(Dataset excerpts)
◆ ◆ ◆ ◆

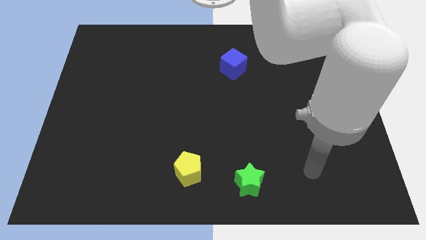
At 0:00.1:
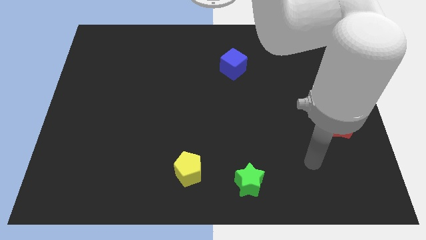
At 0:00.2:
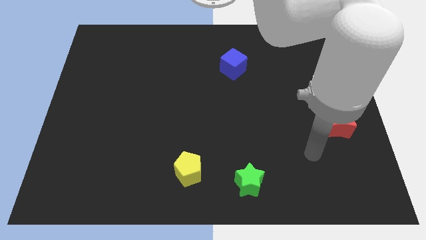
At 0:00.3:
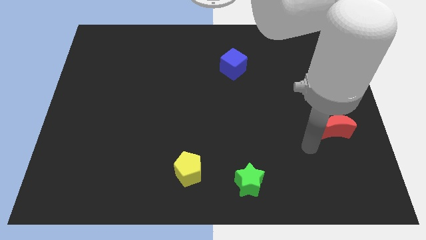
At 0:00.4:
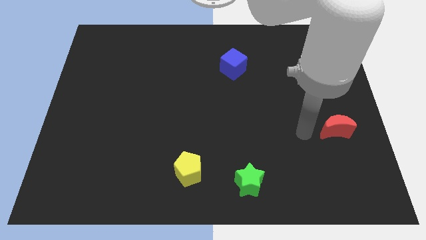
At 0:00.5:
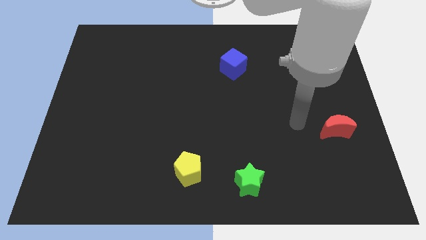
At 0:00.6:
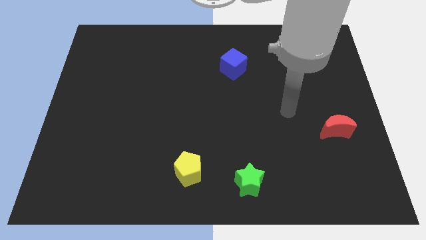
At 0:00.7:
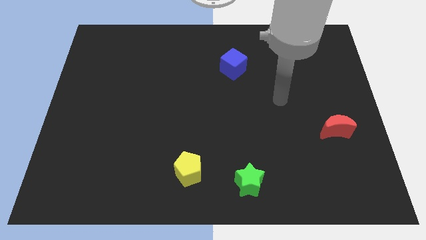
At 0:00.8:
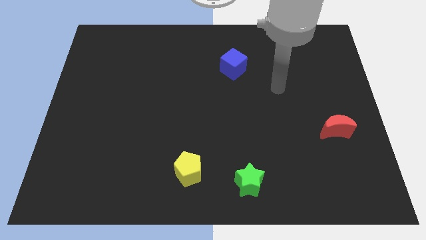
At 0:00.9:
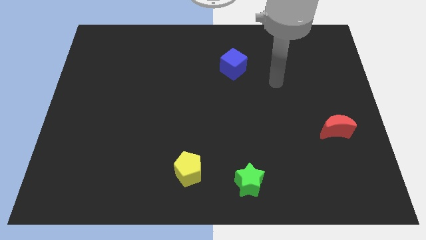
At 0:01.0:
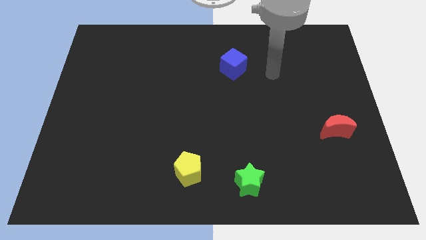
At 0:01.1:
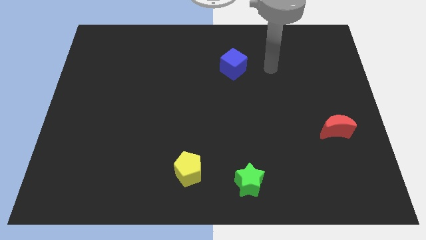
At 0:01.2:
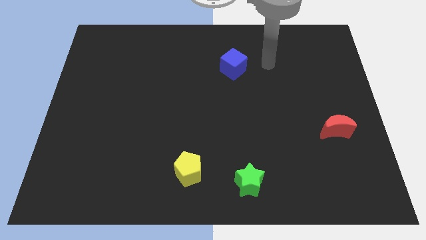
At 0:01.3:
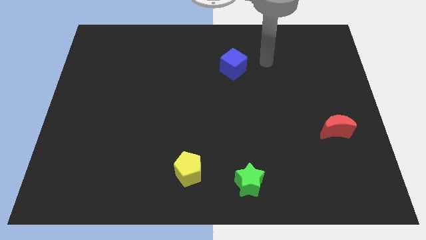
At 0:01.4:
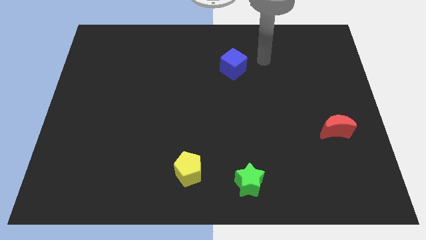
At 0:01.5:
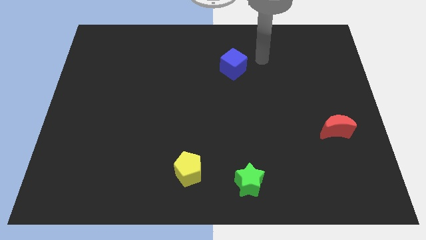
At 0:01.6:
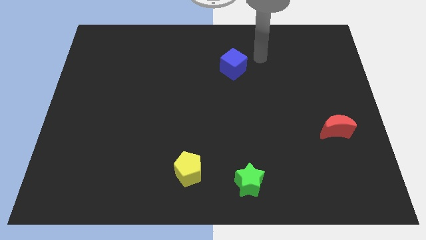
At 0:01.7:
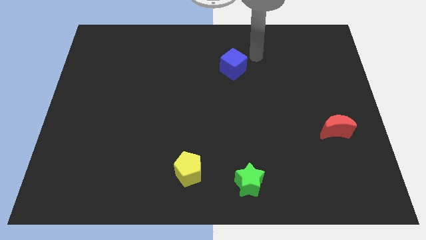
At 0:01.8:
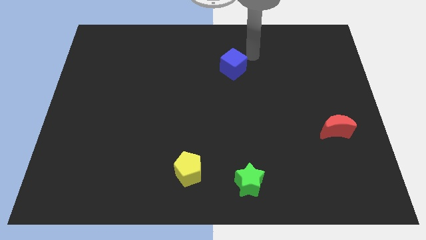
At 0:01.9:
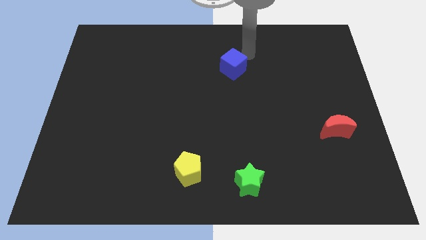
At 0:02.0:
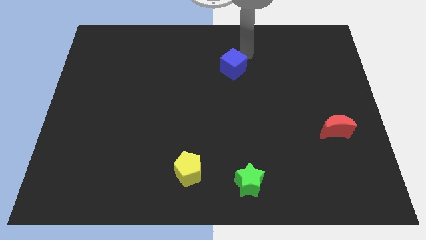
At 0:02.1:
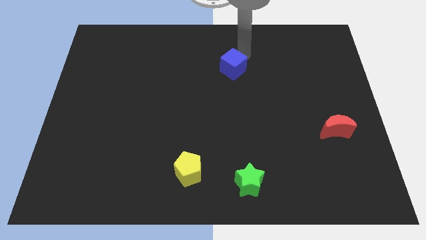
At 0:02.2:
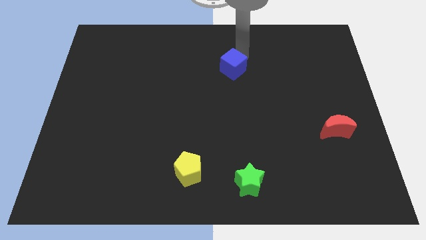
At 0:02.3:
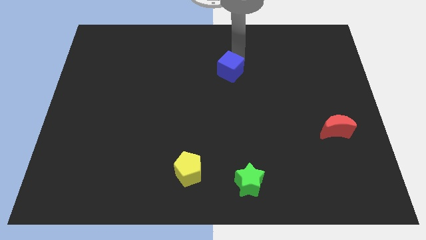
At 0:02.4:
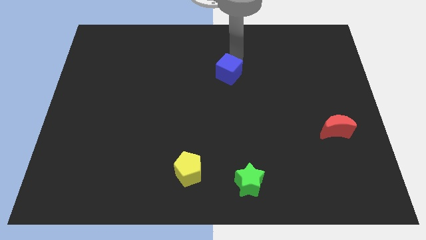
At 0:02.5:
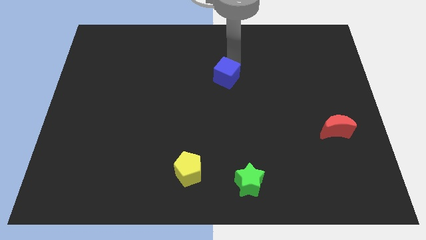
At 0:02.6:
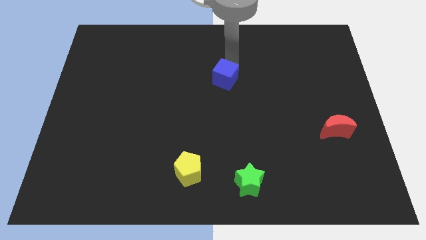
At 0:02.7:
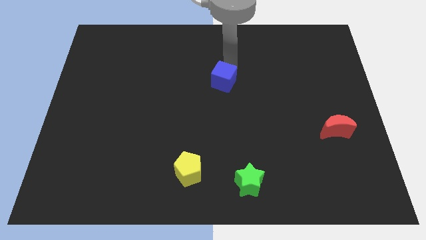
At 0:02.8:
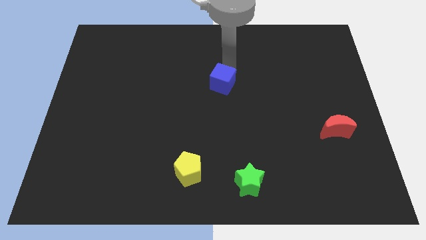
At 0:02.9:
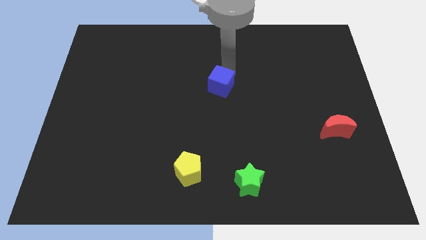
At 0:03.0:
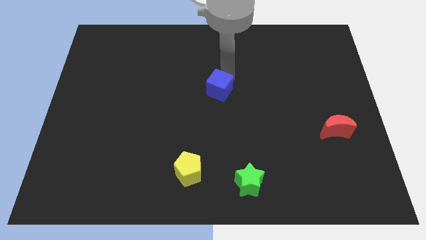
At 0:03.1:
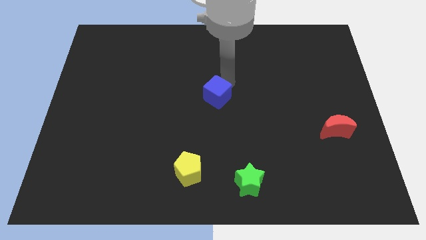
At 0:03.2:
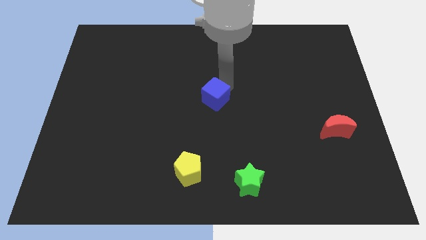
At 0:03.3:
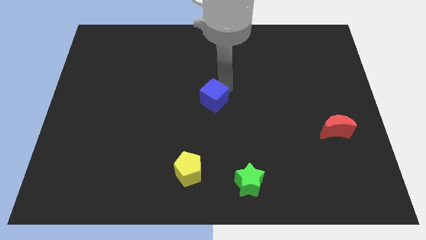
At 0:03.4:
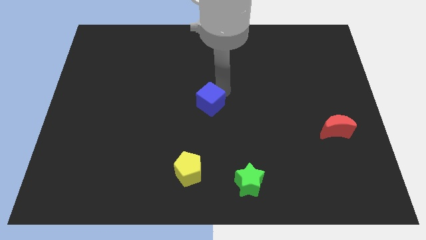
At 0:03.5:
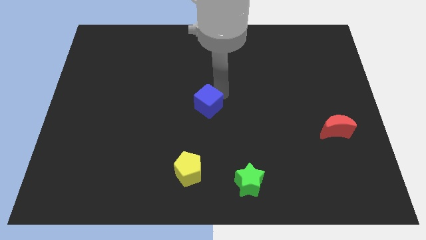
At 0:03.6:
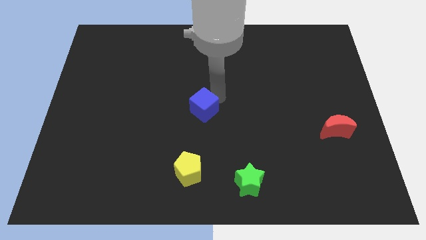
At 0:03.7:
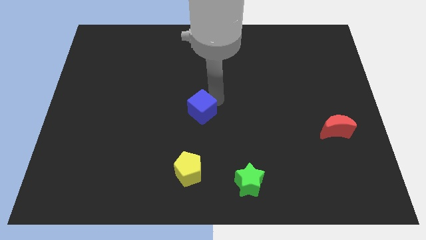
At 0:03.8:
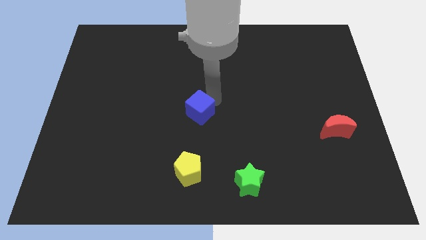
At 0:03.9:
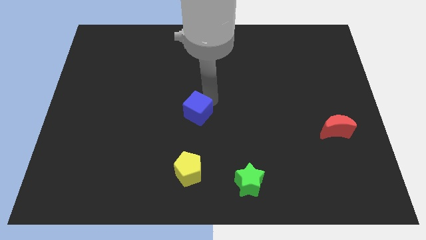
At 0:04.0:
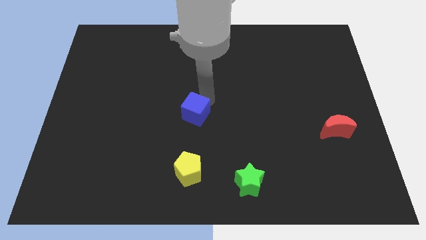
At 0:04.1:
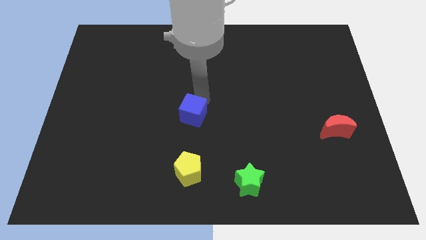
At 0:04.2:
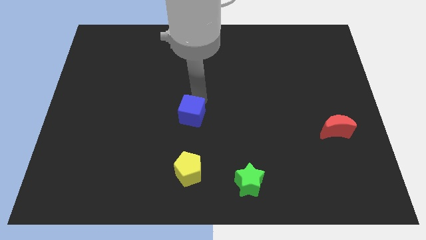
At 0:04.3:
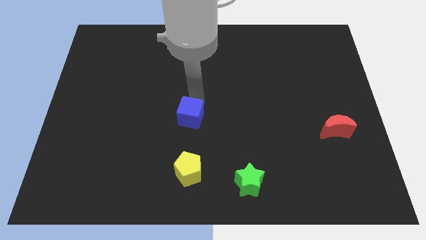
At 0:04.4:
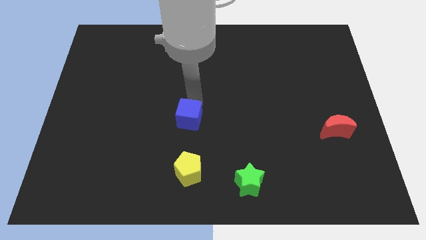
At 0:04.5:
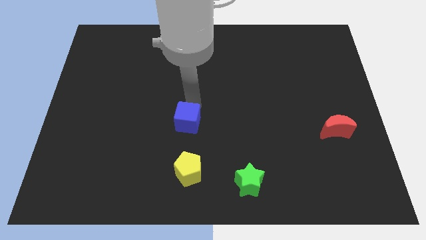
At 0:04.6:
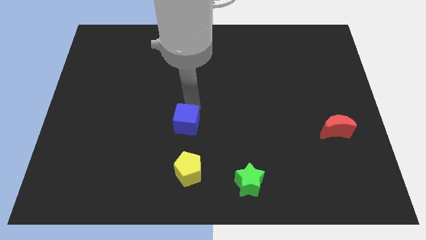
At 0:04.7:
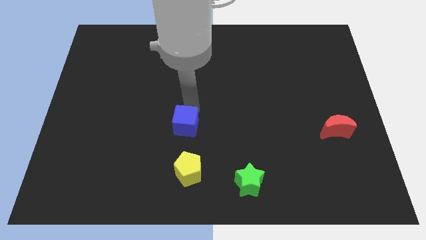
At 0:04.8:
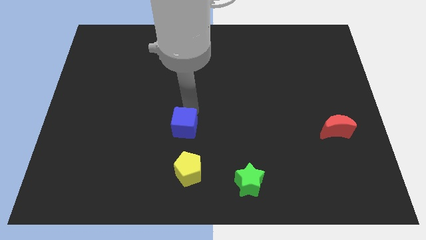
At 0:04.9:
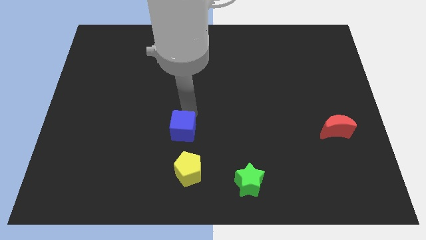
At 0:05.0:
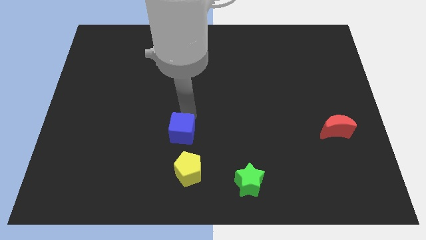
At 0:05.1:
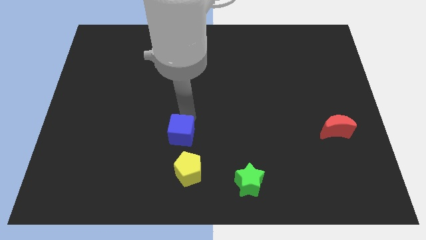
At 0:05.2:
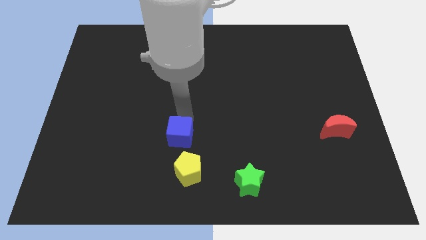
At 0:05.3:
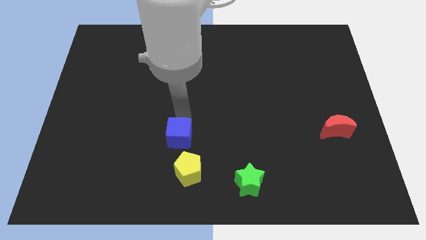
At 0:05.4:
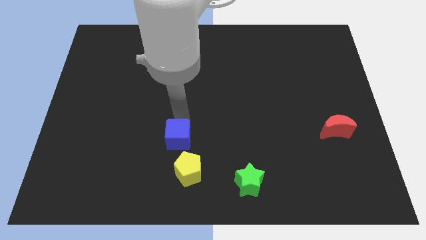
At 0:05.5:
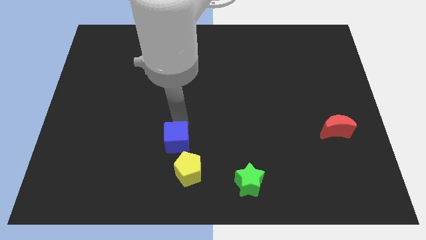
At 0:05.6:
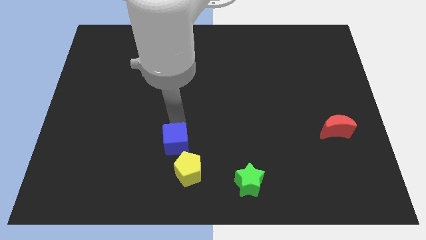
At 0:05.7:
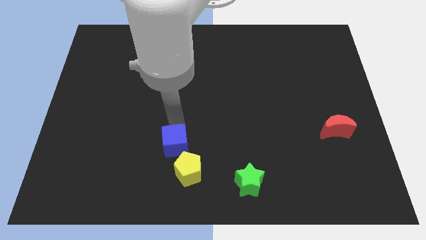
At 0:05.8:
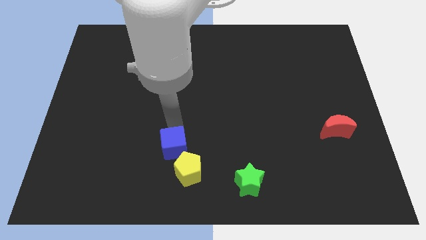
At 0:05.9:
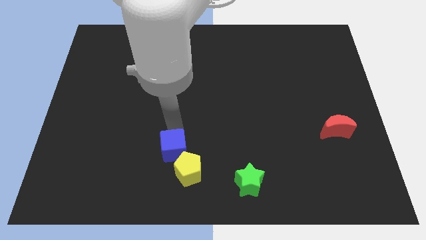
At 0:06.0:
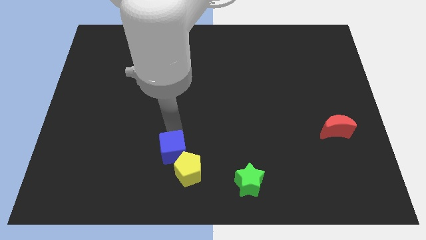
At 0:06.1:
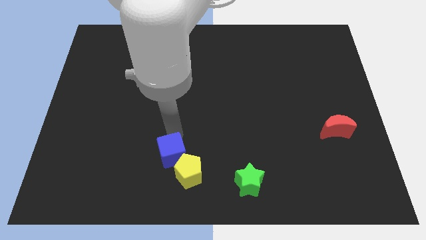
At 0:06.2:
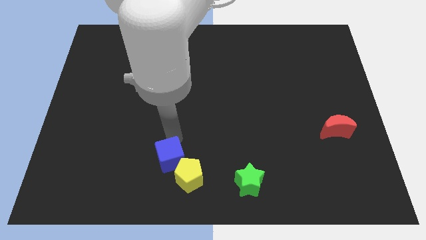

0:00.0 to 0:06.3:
slide the cube to the pentagon

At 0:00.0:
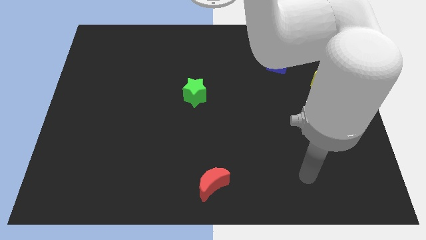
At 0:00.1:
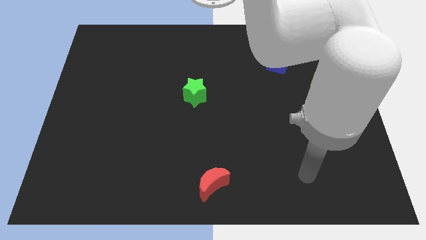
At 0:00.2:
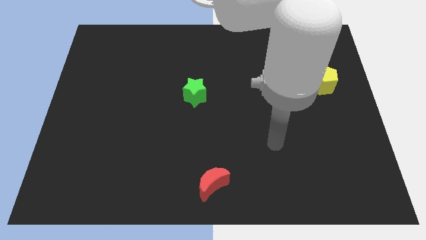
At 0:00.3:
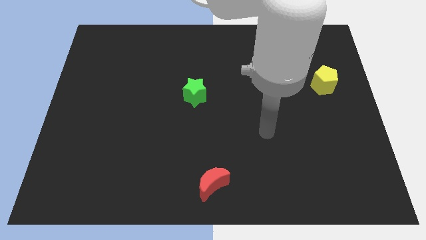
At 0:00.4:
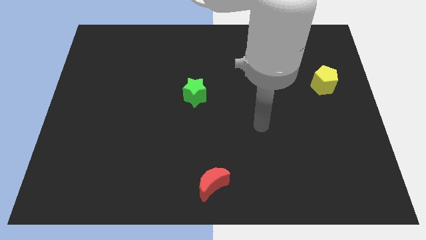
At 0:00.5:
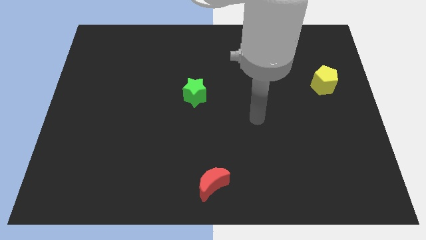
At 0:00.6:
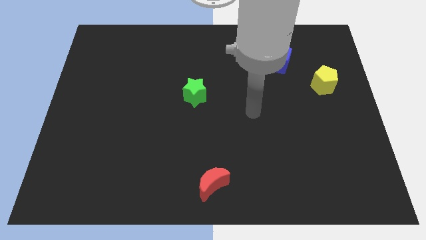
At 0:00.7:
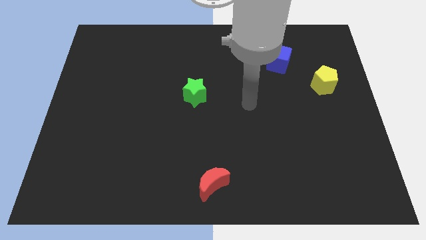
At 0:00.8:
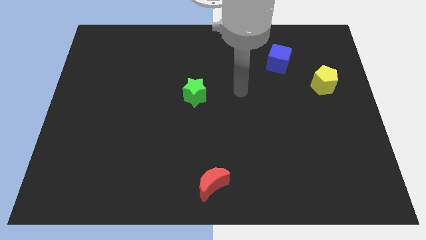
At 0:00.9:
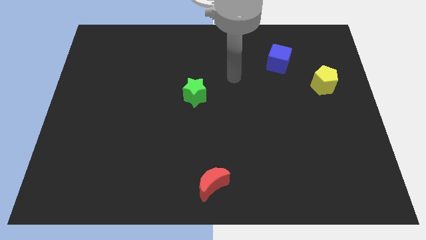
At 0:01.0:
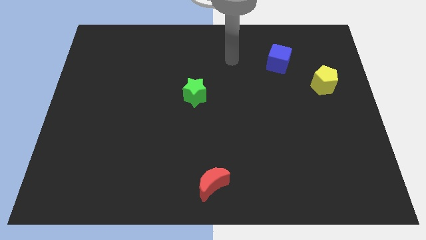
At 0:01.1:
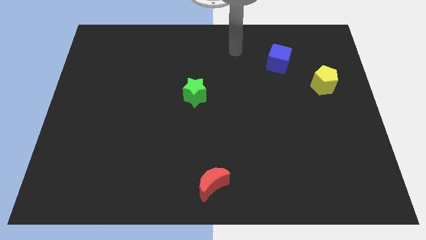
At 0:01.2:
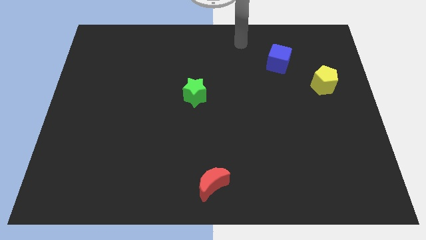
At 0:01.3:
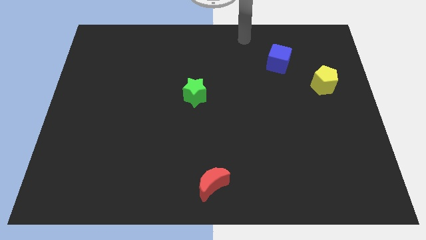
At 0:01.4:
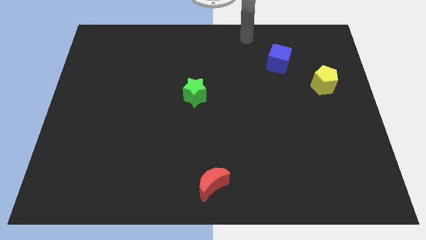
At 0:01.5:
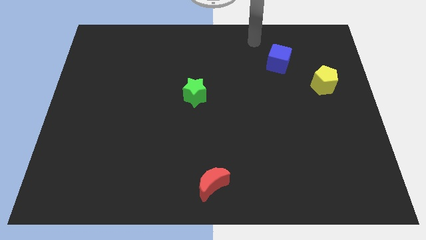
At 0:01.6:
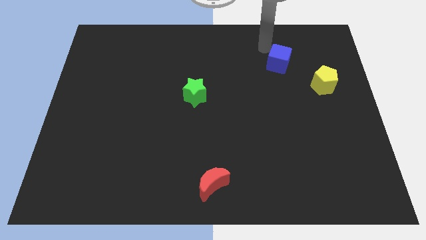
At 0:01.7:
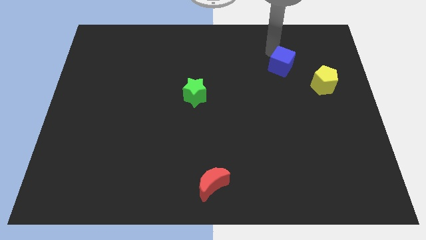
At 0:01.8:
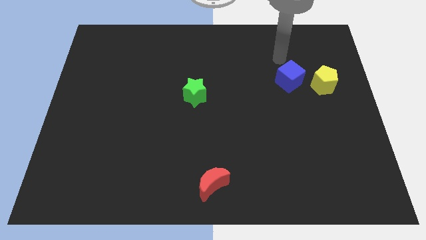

◆ ◆ ◆ ◆

→ **Your goal**: With the pictures removed, please retype each record exactly.

→ **Response for this exercise**:
At 0:00.1:
At 0:00.2:
At 0:00.3:
At 0:00.4:
At 0:00.5:
At 0:00.6:
At 0:00.7:
At 0:00.8:
At 0:00.9:
At 0:01.0:
At 0:01.1:
At 0:01.2:
At 0:01.3:
At 0:01.4:
At 0:01.5:
At 0:01.6:
At 0:01.7:
At 0:01.8:
At 0:01.9:
At 0:02.0:
At 0:02.1:
At 0:02.2:
At 0:02.3:
At 0:02.4:
At 0:02.5:
At 0:02.6:
At 0:02.7:
At 0:02.8:
At 0:02.9:
At 0:03.0:
At 0:03.1:
At 0:03.2:
At 0:03.3:
At 0:03.4:
At 0:03.5:
At 0:03.6:
At 0:03.7:
At 0:03.8:
At 0:03.9:
At 0:04.0:
At 0:04.1:
At 0:04.2:
At 0:04.3:
At 0:04.4:
At 0:04.5:
At 0:04.6:
At 0:04.7:
At 0:04.8:
At 0:04.9:
At 0:05.0:
At 0:05.1:
At 0:05.2:
At 0:05.3:
At 0:05.4:
At 0:05.5:
At 0:05.6:
At 0:05.7:
At 0:05.8:
At 0:05.9:
At 0:06.0:
At 0:06.1:
At 0:06.2:

0:00.0 to 0:06.3:
slide the cube to the pentagon

At 0:00.0:
At 0:00.1:
At 0:00.2:
At 0:00.3:
At 0:00.4:
At 0:00.5:
At 0:00.6:
At 0:00.7:
At 0:00.8:
At 0:00.9:
At 0:01.0:
At 0:01.1:
At 0:01.2:
At 0:01.3:
At 0:01.4:
At 0:01.5:
At 0:01.6:
At 0:01.7:
At 0:01.8:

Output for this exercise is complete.